Falei de Zumbi, mas queria falar do cachorro, o Capataz. Pêlo brilhante, dentes brancos, olhos vivos, a maioria não lembra quando ele assumiu o seu cargo: porteiro. Não era um emprego, claro, cachorros não têm contrato. Mas era o que ele fazia o dia todo, na entrada do armazém: abanava o rabo aos clientes da casa, levantava-se e abria a boca com faceirice aos mais conhecidos, rosnava aos que chegavam pela primeira vez, chamando a atenção do dono, que vinha pessoalmente recepcionar e desfazer equívocos. Capataz também era bom guardião: à noite, quando todos iam para casa, ele se ajeitava com uma coberta atrás do balcão, depois de comer a sua ração. Uma noite tentaram roubar o estabelecimento: Capataz foi ferido a pauladas, mas não deixou que levassem nada. O dono lhe deu uma coleira. Capataz entendeu que tinha feito algo bom, mas não entendeu o presente. Queria uma bola, como as carolas querem a missa. Era a única coisa que fazia o cachorro sair da porta do armazém: jogar com a garotada, no ataque e na defesa. Mas a bola nunca veio. Vieram os anos, a velhice, a cegueira e um pouco de surdez. Capataz ainda reconhecia os antigos clientes pelo cheiro, mas com frequência não levantava e o rabo abanava pouco. O dono, ainda mais idoso, morreu entre o balcão e as prateleiras. Os herdeiros enxotaram Capataz do armazém tão logo caiu a noite. Essas regalias para cães vadios não seriam mais permitidas. Nunca viram o animal como fiel companheiro do comerciante. Para eles era apenas um cachorro de rua, a quem o dono do armazém tolerava, por ter muita pena.

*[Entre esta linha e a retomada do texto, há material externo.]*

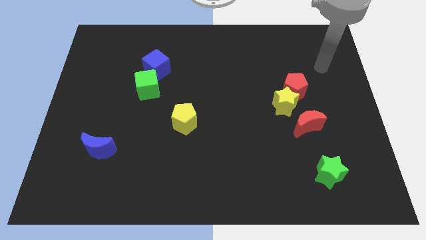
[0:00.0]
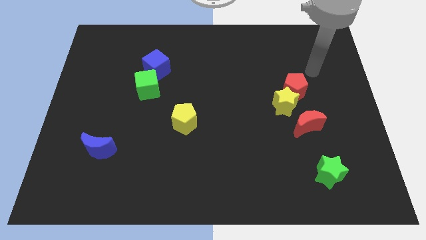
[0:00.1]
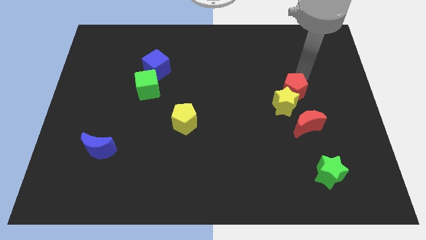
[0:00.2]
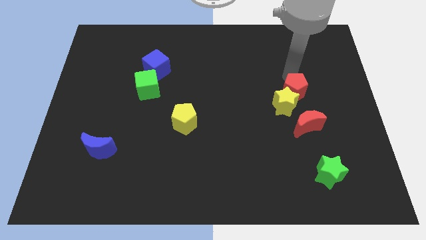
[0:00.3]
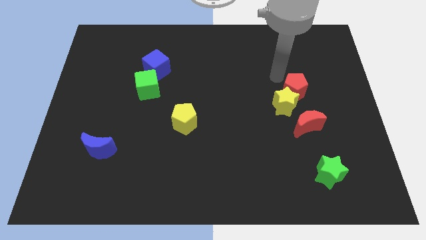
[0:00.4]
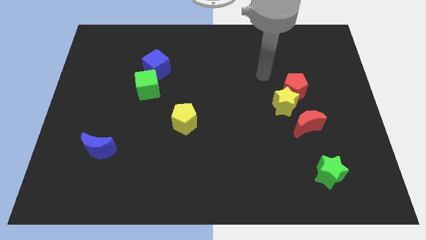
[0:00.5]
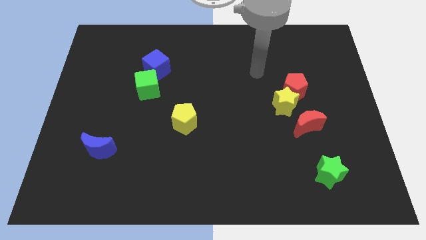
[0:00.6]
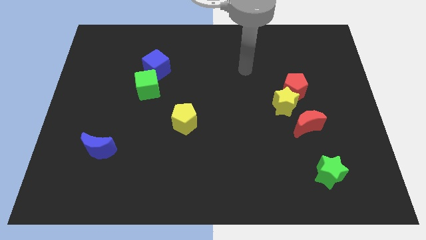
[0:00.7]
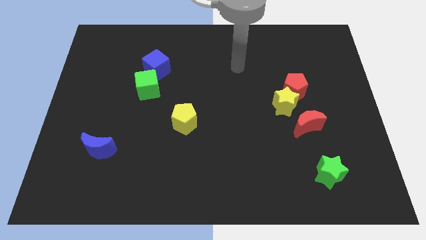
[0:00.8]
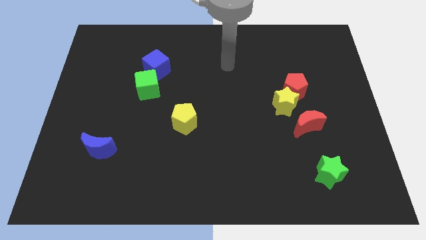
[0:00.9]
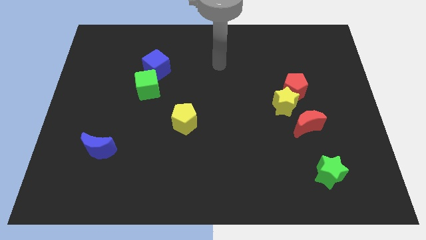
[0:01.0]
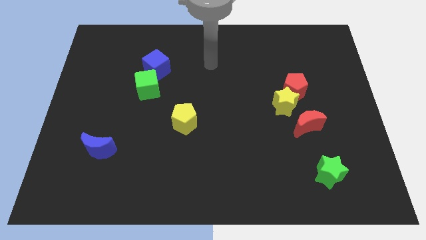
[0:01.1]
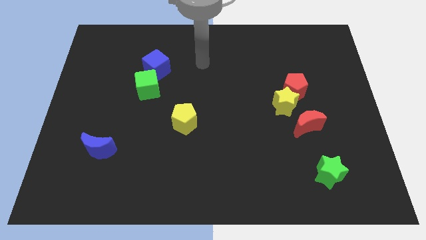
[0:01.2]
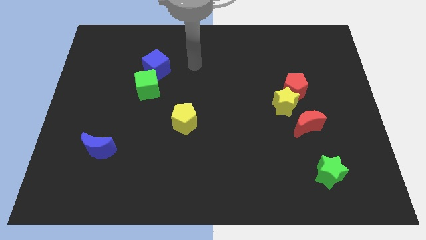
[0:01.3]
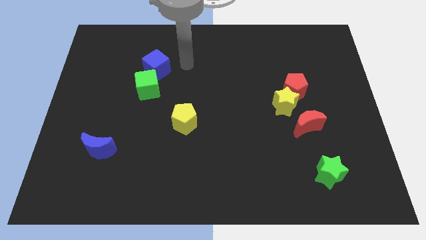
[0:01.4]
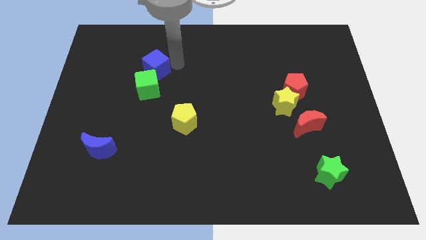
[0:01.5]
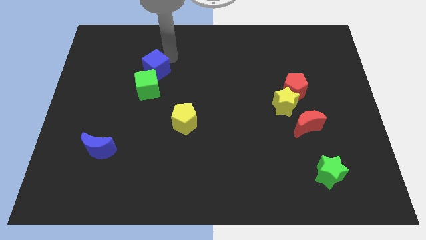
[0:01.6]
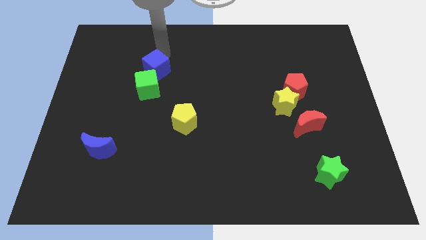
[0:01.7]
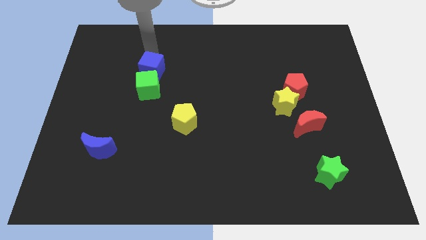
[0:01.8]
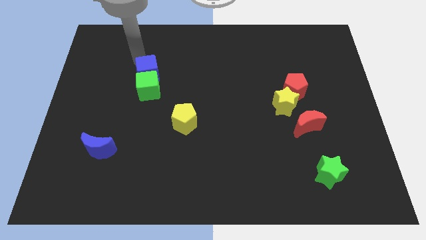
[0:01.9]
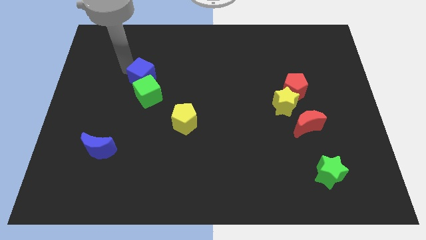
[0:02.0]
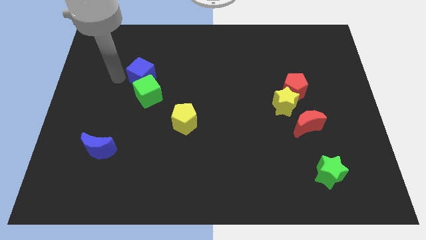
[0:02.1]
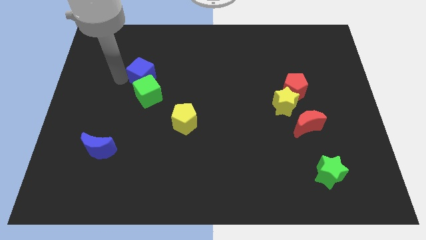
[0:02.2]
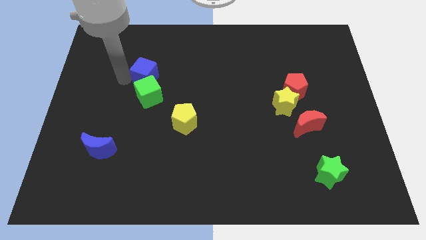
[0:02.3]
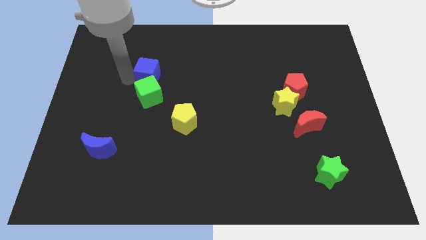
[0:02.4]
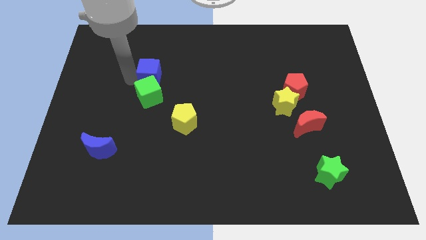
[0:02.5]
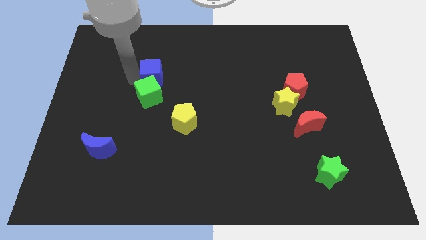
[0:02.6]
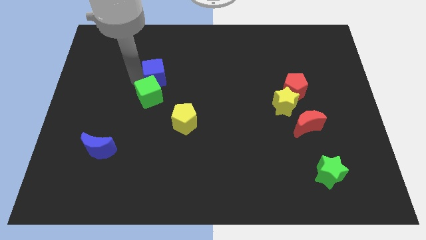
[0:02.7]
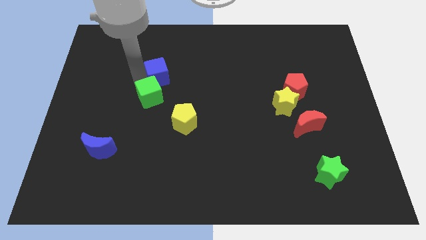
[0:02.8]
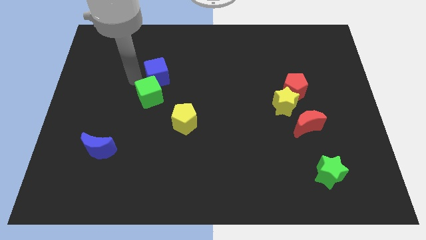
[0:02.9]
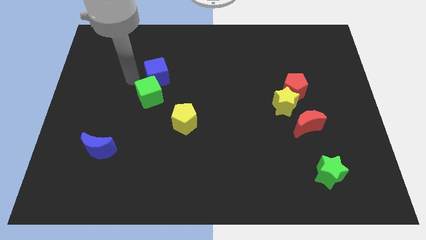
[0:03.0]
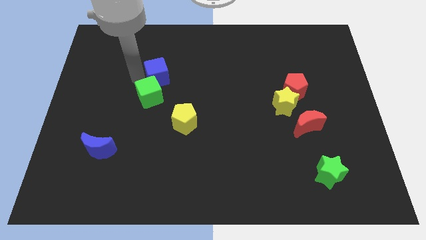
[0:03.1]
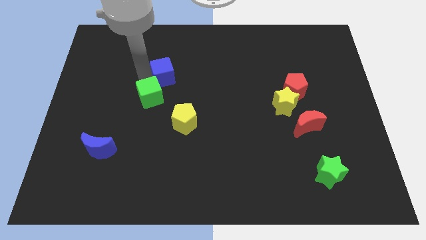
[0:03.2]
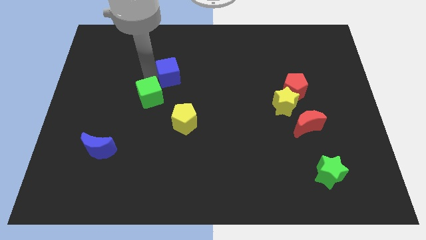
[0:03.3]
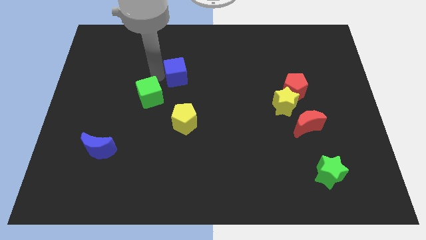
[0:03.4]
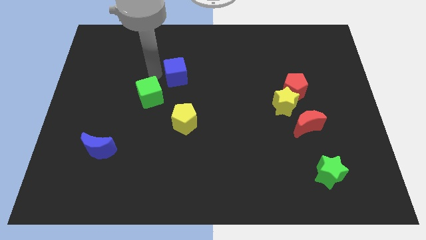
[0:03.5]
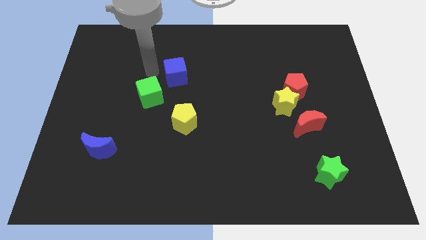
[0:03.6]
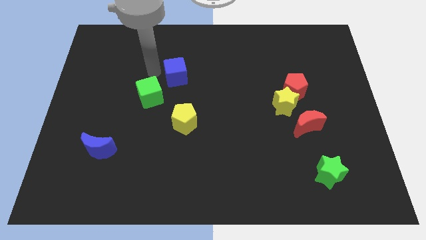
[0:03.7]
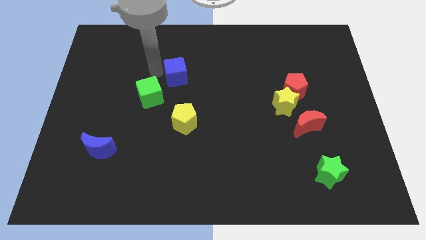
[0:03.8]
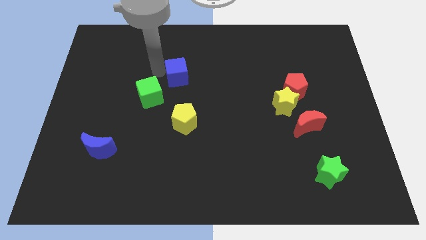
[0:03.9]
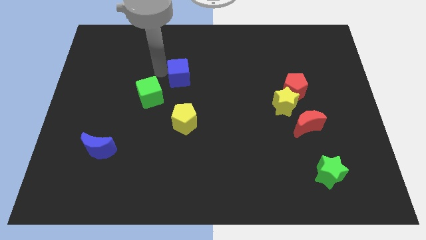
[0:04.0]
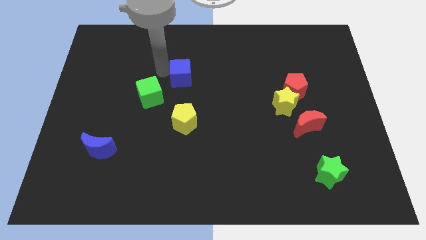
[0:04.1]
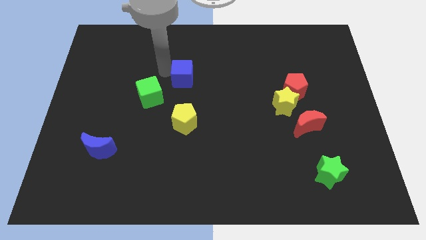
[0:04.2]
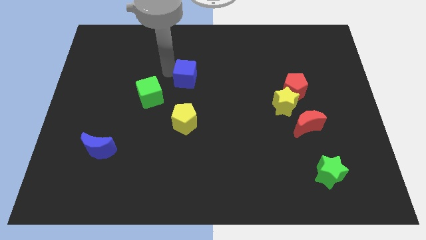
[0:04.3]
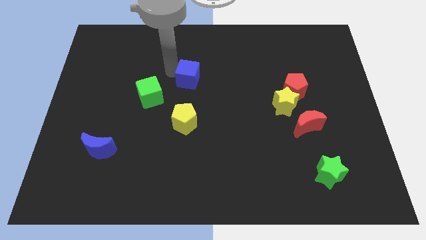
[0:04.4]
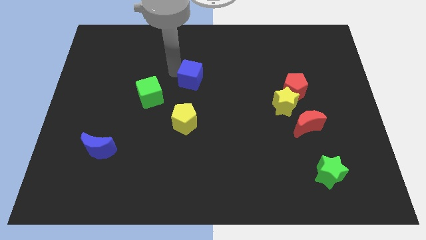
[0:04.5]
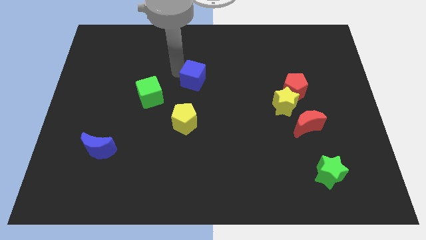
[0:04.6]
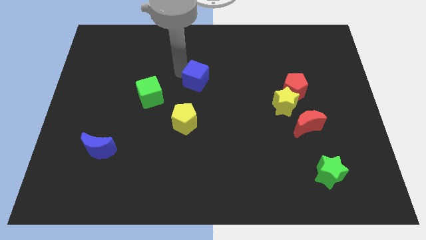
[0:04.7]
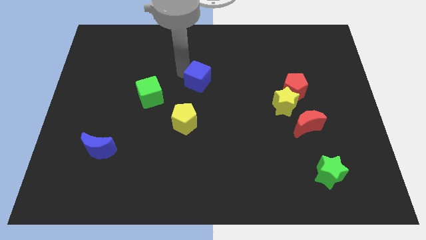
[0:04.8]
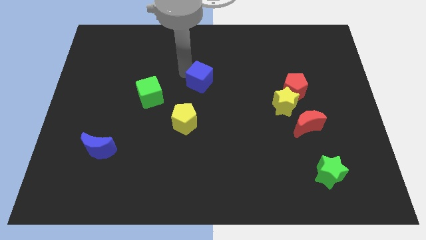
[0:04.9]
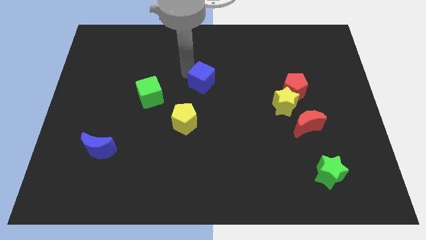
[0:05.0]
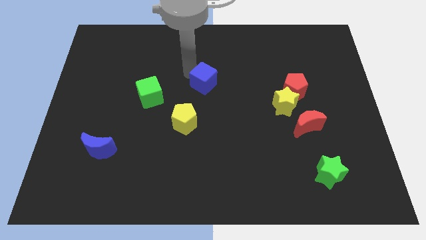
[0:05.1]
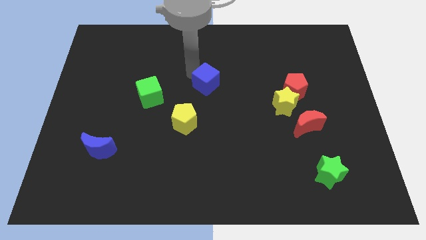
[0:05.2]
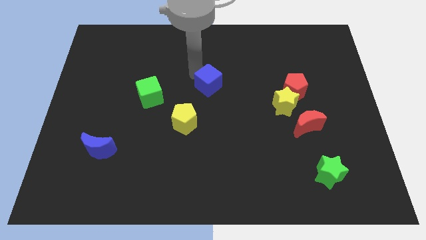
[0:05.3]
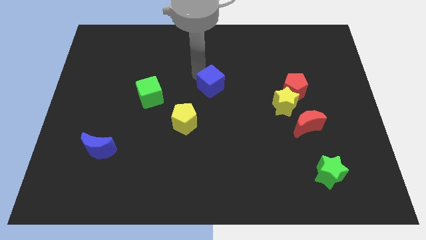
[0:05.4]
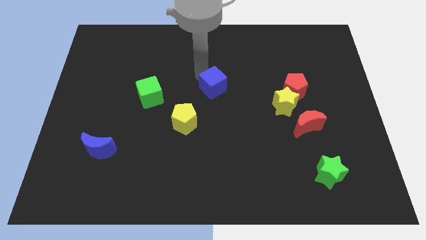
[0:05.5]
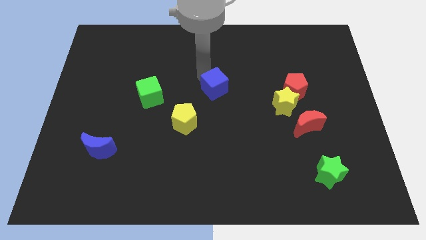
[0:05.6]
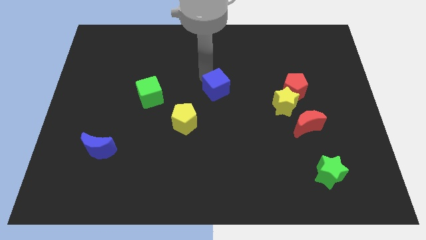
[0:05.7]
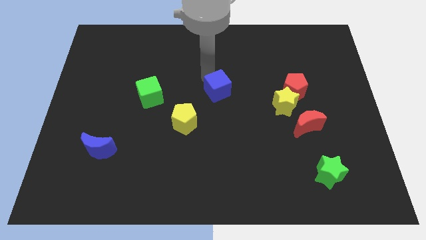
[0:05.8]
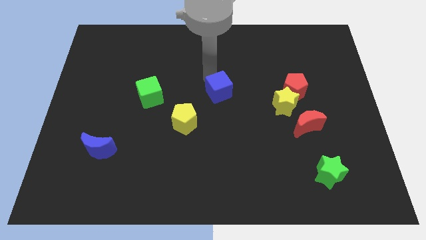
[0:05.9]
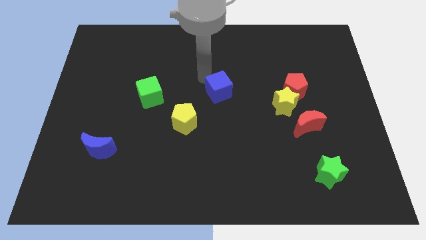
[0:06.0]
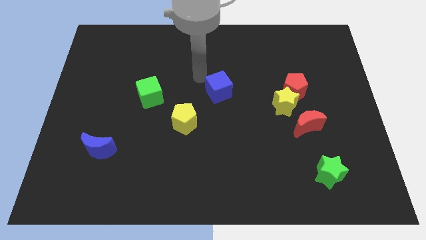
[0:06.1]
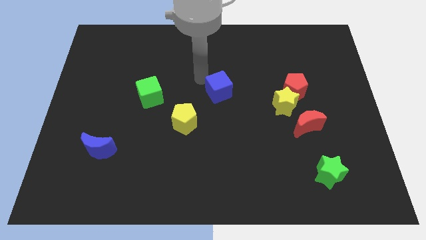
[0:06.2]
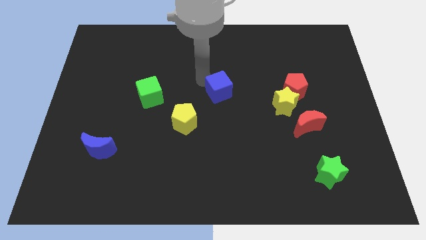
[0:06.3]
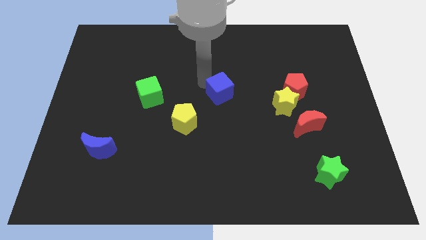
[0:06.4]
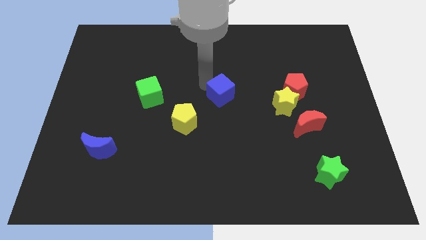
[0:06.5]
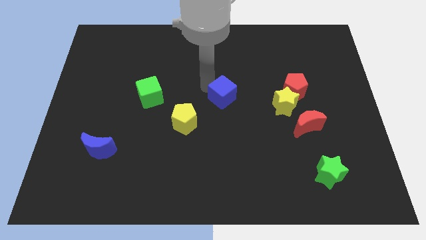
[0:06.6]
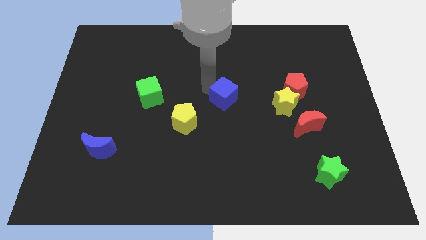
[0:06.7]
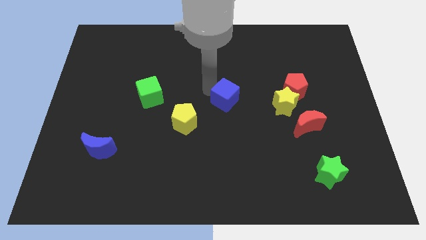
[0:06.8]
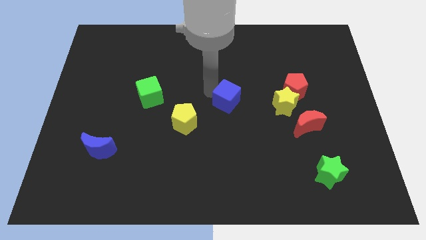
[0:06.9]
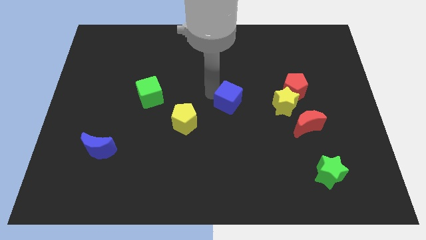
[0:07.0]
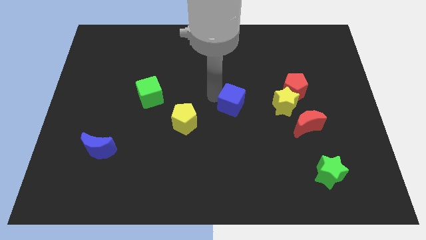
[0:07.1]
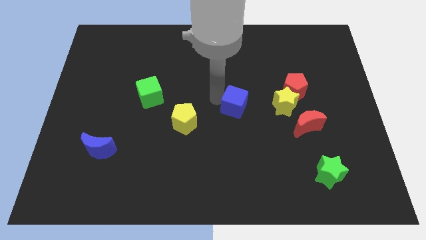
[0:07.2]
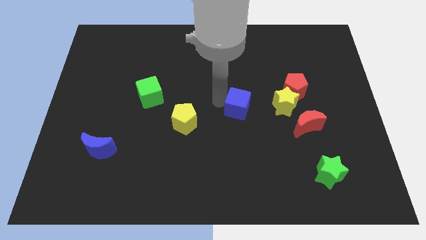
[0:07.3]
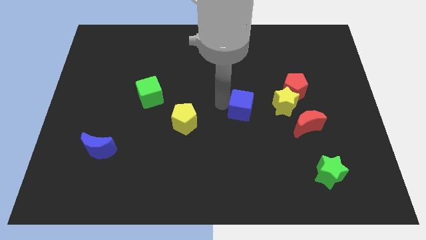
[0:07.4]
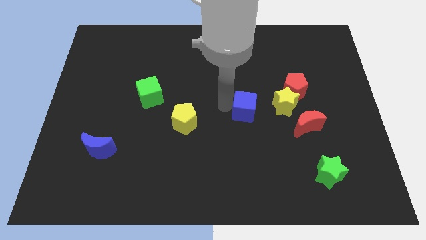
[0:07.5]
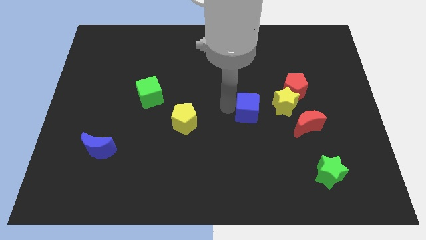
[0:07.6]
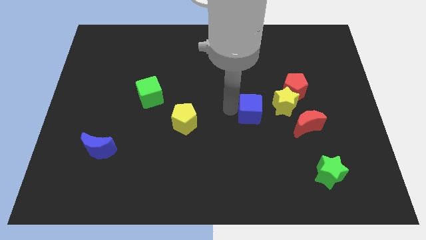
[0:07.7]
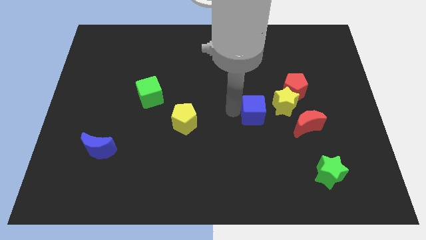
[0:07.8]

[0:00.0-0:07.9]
move the blue cube diagonally down and to the left of the red pentagon

Dizem que antes de morrer, Capataz andava pelos arredores da igreja da cidade, como quem espera uma esmola.

Falei do cachorro, mas queria falar de Zumbi. Ele deveria ser festejado como herói do nosso país tão nobre, onde “nós nem cremos que escravos outrora tenha havido”, como repetimos quando celebramos a nossa República. Por isso lembrei do Capataz: é que conheci alguém tratado como cachorro. Era mulher, era negra e ninguém mais se interessou por seu destino desde que o último dono se foi. As pessoas que enxotaram Capataz sempre se emocionavam ao ouvir os nossos hinos e cantavam com a mão direita posta sobre o coração.